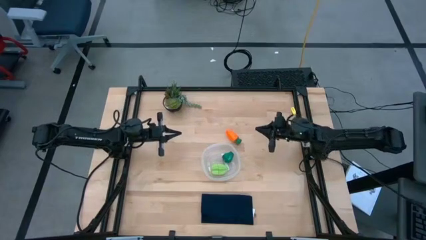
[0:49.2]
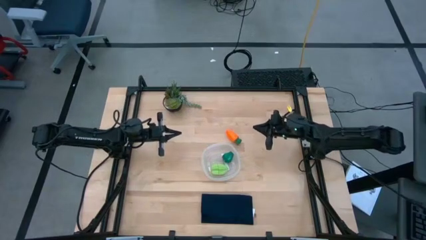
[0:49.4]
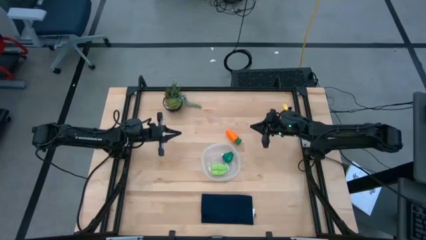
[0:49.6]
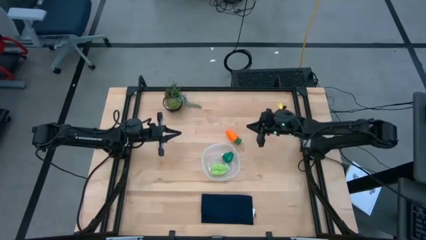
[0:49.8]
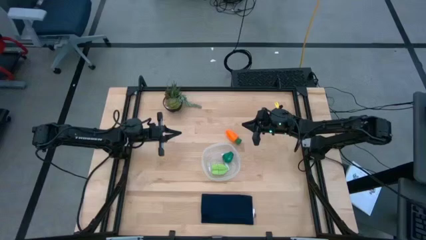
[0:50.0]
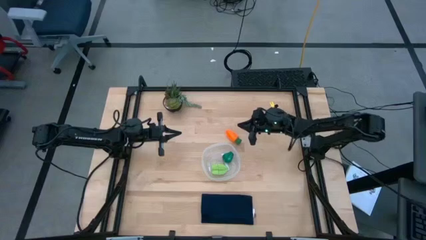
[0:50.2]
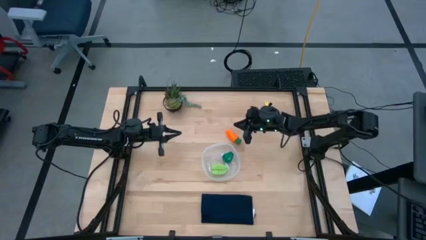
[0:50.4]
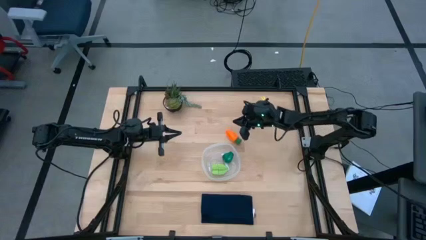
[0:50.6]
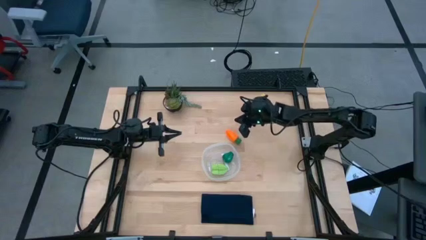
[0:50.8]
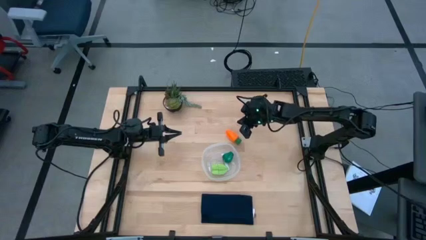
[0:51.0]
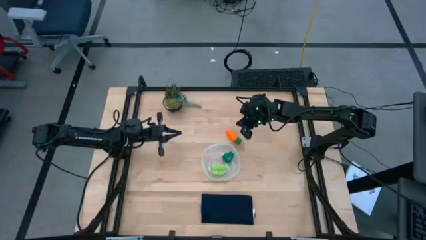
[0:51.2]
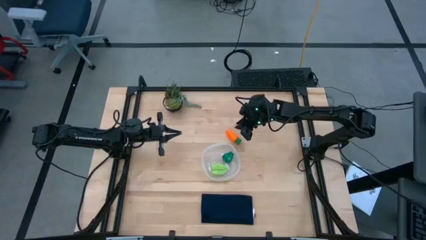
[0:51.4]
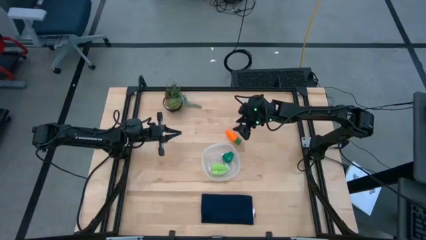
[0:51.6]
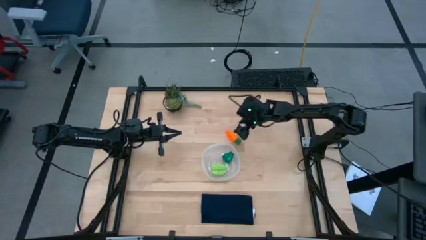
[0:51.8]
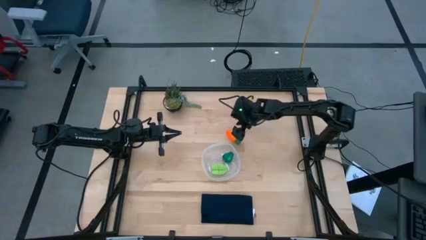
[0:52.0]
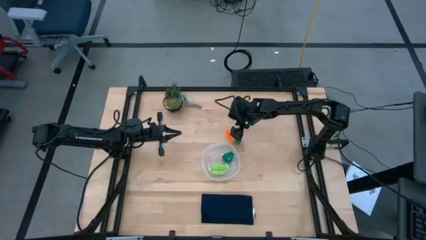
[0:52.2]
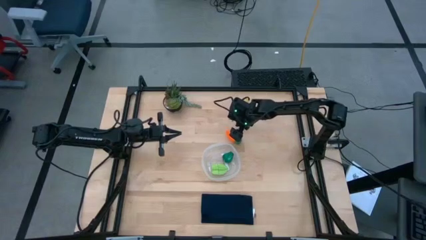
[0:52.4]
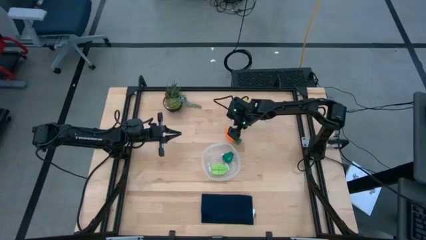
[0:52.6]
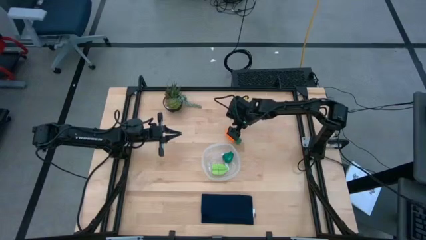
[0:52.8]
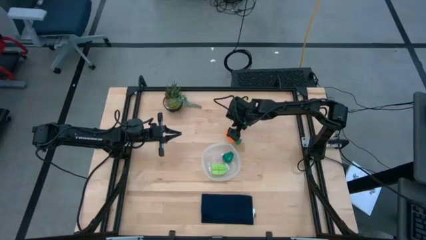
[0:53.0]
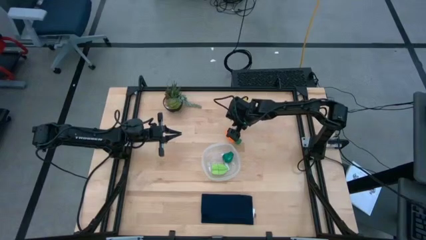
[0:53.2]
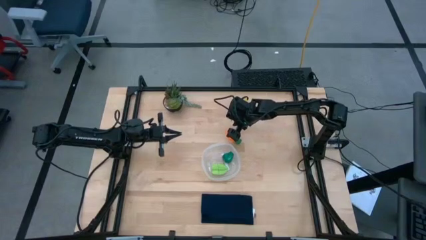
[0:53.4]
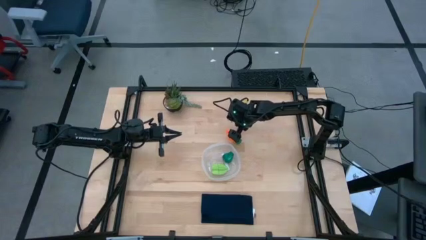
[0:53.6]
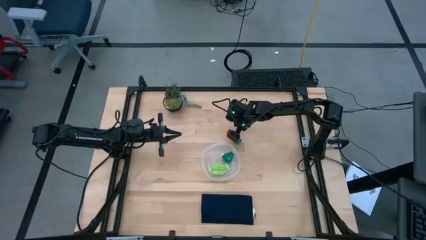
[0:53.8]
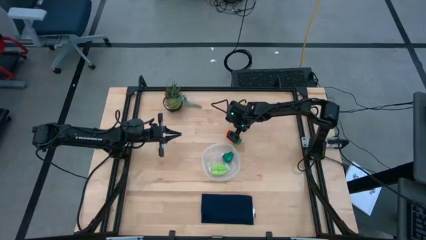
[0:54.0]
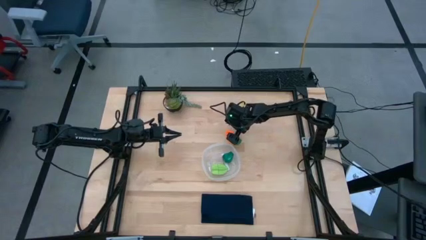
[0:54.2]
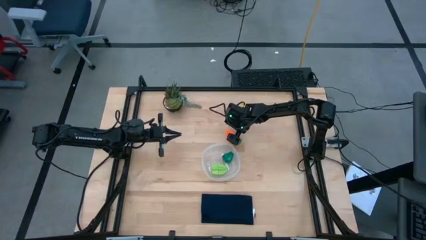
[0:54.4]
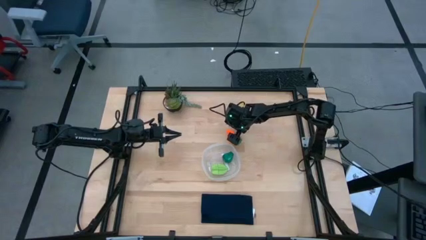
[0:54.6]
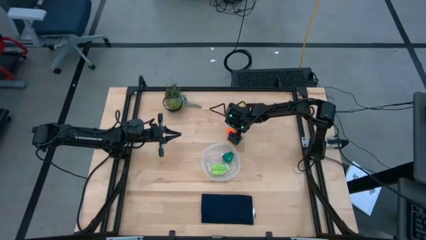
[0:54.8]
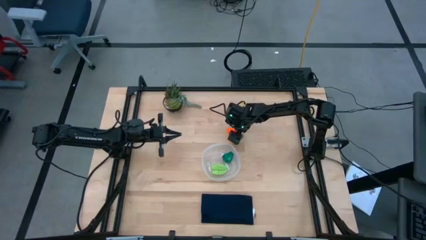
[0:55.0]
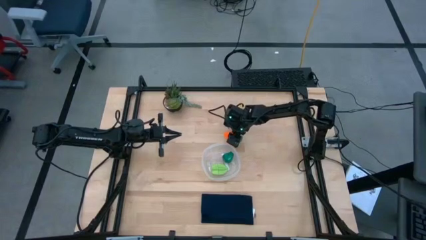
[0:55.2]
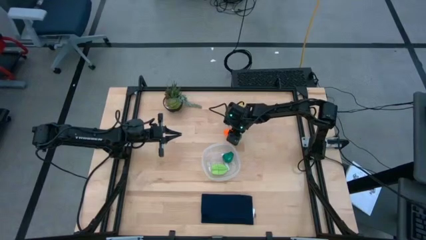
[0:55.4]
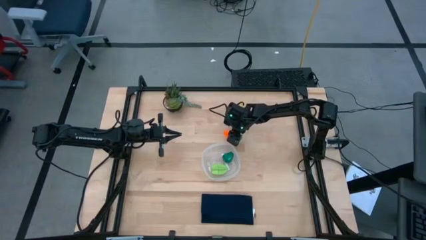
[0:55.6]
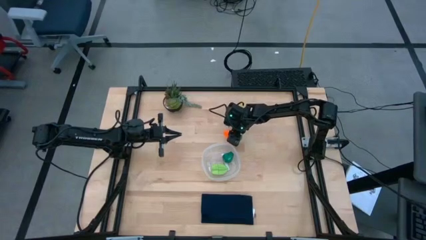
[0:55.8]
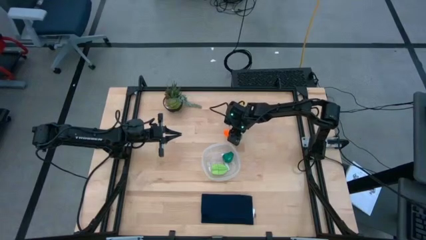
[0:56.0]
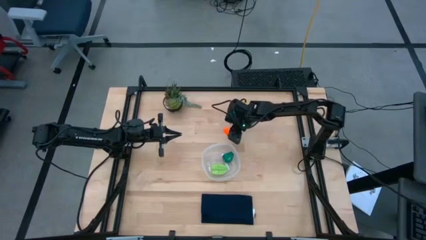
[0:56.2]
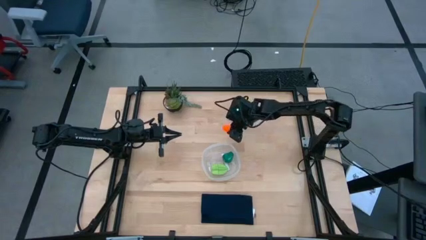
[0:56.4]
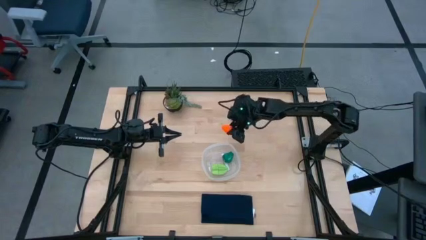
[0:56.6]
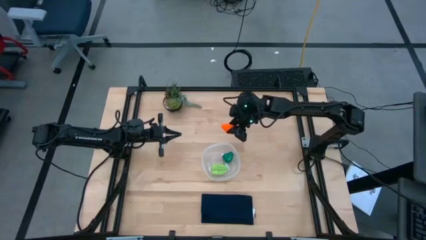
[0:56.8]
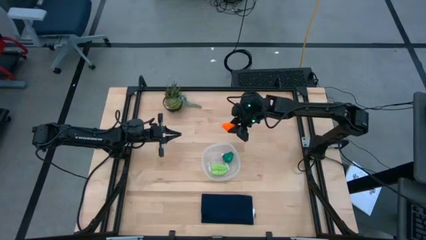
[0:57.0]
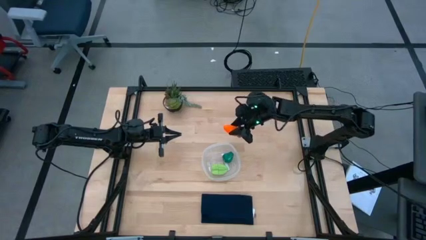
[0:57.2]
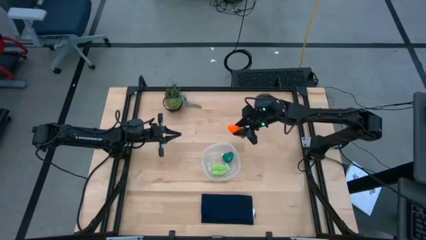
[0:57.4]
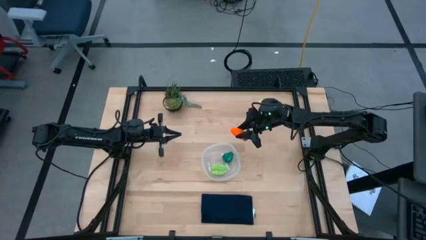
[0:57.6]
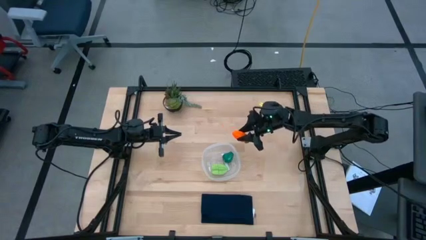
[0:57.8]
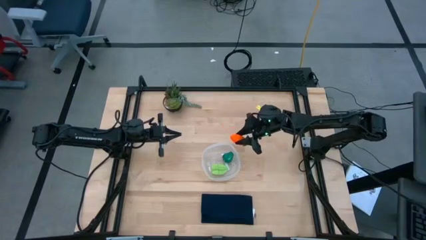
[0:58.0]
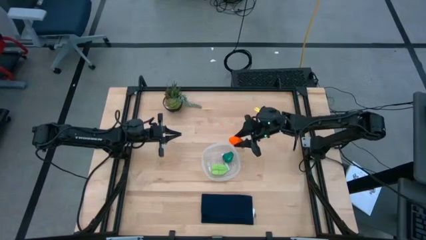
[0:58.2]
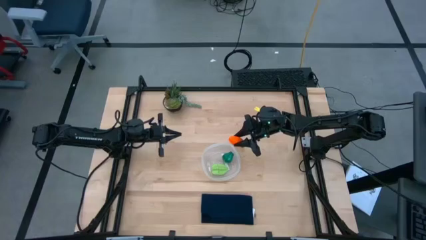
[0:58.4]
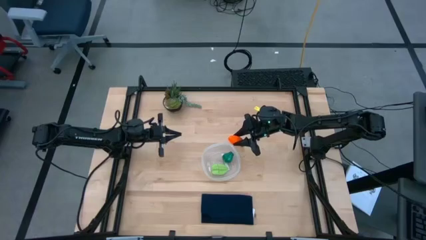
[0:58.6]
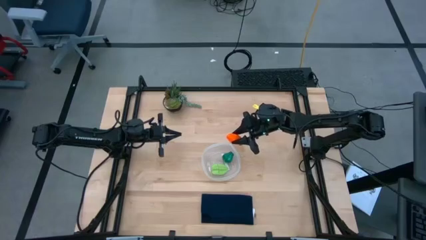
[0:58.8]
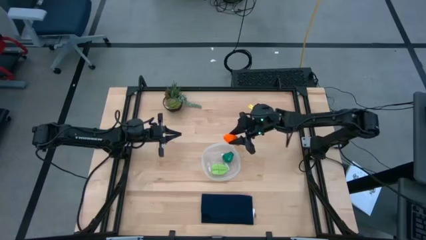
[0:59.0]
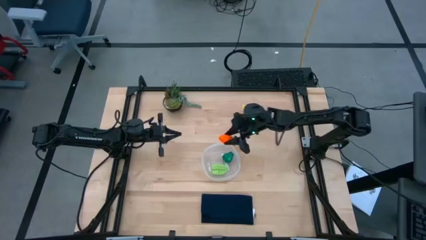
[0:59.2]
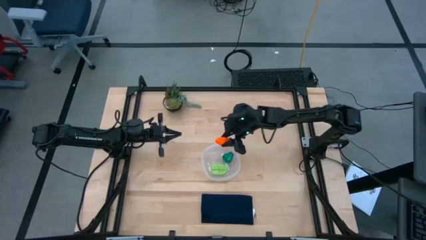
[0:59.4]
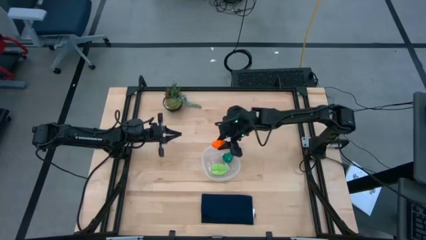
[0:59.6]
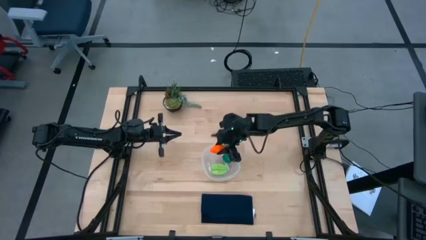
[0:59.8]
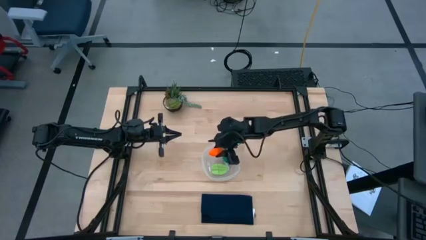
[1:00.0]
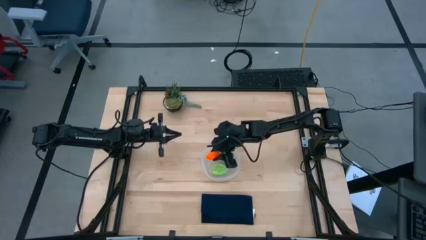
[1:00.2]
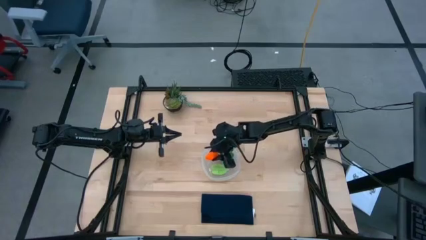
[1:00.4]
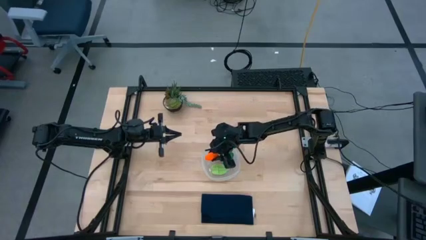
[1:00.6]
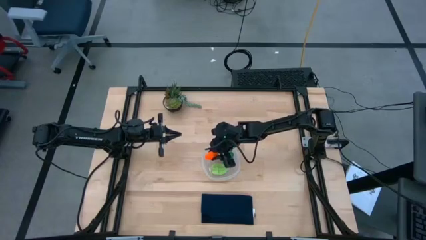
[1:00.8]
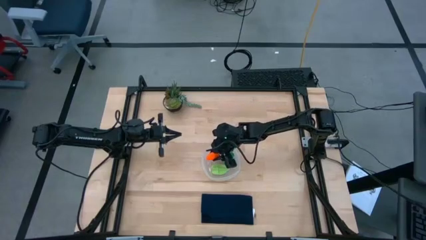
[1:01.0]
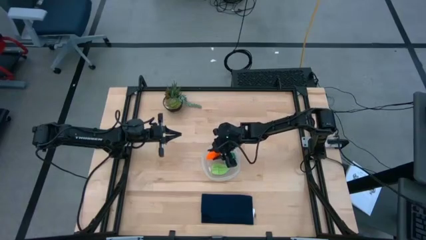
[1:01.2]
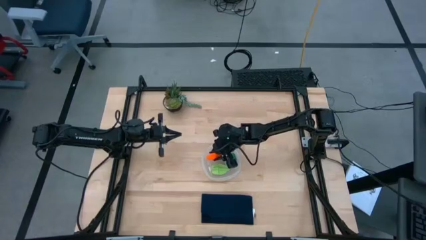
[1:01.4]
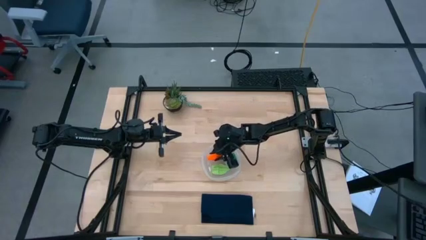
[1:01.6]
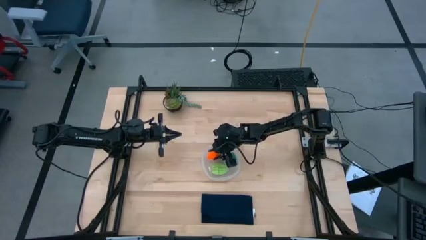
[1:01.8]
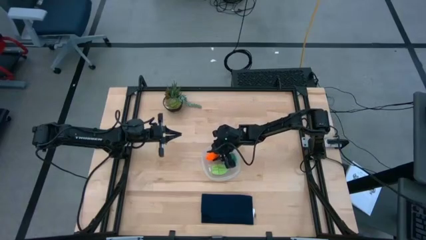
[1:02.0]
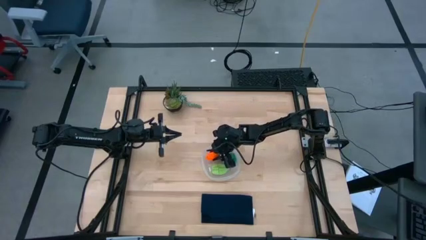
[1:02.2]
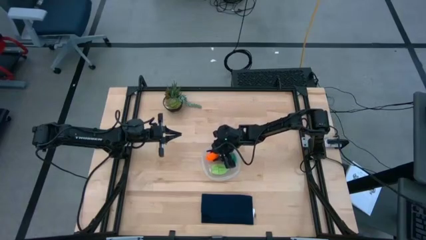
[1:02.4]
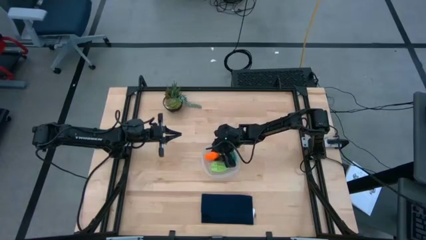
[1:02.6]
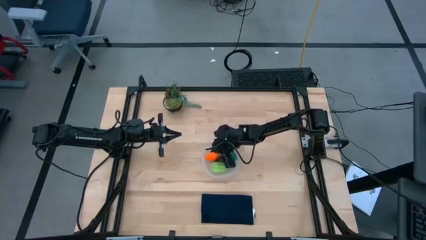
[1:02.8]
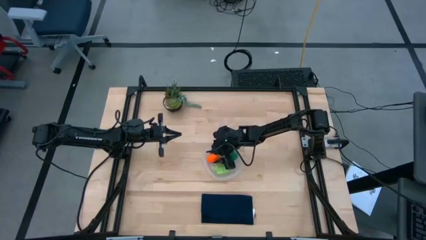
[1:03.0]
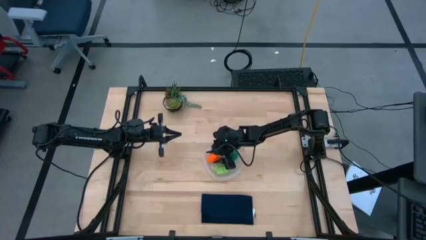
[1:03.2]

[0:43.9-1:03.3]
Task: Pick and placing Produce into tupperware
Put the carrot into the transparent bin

──────────────────────────────

What is expected
Repeat every record above exactly, but drop the pictures.

Solution
[0:49.2]
[0:49.4]
[0:49.6]
[0:49.8]
[0:50.0]
[0:50.2]
[0:50.4]
[0:50.6]
[0:50.8]
[0:51.0]
[0:51.2]
[0:51.4]
[0:51.6]
[0:51.8]
[0:52.0]
[0:52.2]
[0:52.4]
[0:52.6]
[0:52.8]
[0:53.0]
[0:53.2]
[0:53.4]
[0:53.6]
[0:53.8]
[0:54.0]
[0:54.2]
[0:54.4]
[0:54.6]
[0:54.8]
[0:55.0]
[0:55.2]
[0:55.4]
[0:55.6]
[0:55.8]
[0:56.0]
[0:56.2]
[0:56.4]
[0:56.6]
[0:56.8]
[0:57.0]
[0:57.2]
[0:57.4]
[0:57.6]
[0:57.8]
[0:58.0]
[0:58.2]
[0:58.4]
[0:58.6]
[0:58.8]
[0:59.0]
[0:59.2]
[0:59.4]
[0:59.6]
[0:59.8]
[1:00.0]
[1:00.2]
[1:00.4]
[1:00.6]
[1:00.8]
[1:01.0]
[1:01.2]
[1:01.4]
[1:01.6]
[1:01.8]
[1:02.0]
[1:02.2]
[1:02.4]
[1:02.6]
[1:02.8]
[1:03.0]
[1:03.2]

[0:43.9-1:03.3]
Task: Pick and placing Produce into tupperware
Put the carrot into the transparent bin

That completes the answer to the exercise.